Clint Eastwood (“L’Echange”) et Steven Soderbergh (“Che”) arrivent bientôt à Cannes et font figure de favoris logiques de la compétition. Mais, attention aux outsiders! Et surtout aux outsiders belges. Les frères Dardenne ont déjà remporté deux palmes d’or. “Le Silence de Lorna”, présenté aujourd’hui, pourrait bien être la troisième.

Son regard noir et volontaire, son énergie butée, témoignent de ses capacités de résistance. Elle va en avoir besoin… Elle s’appelle Lorna. C’est une fille d’aujourd’hui, vivant quelque part en Belgique.

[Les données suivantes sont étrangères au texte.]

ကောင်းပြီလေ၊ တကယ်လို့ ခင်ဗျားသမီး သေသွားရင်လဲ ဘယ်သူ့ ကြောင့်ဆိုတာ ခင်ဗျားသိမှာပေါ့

On la suit d’un guichet de banque (où elle dépose quelques dizaines d’euros), à un centre de téléphonie (où elle appelle fébrilement son petit ami).

Sa course obstinée l’entraîne ensuite vers un pressing (où elle bosse pour pas grand chose), puis à son domicile (où elle cohabite avec son époux Claudy, un junkie en manque de tout et surtout d’amour). Lorna doit toujours cavaler plus vite, sinon, c’est la chute.

Lorna, la petite Albanaise, est rentrée dans une combine louche

Bientôt, on comprend dans quel piège s’est enfermée cette héroïne qui n’a rien d’héroïque. Pour obtenir la nationalité belge, ce sésame, Lorna, la petite Albanaise, est rentrée dans une combine louche. Son complice: un malfrat, chauffeur de taxi de profession, faisant son beurre de la misère ambiante.

Le mariage avec Claudy n’a servi qu’à obtenir des papiers en règle, histoire de convoler prochainement en secondes noces avec un mafieux russe prêt à payer cher, très cher, pour à son tour devenir Belge. Mais que faire de Claudy? Divorcer? Trop long. L’éliminer? Pourquoi pas. Que vaut la vie d’une épave en sursis quand il s’agit de faire tourner l’économie clandestine? Et quels sont les rouages de cette dernière dans un univers si libéral qu’il justifie tout et n’importe quoi?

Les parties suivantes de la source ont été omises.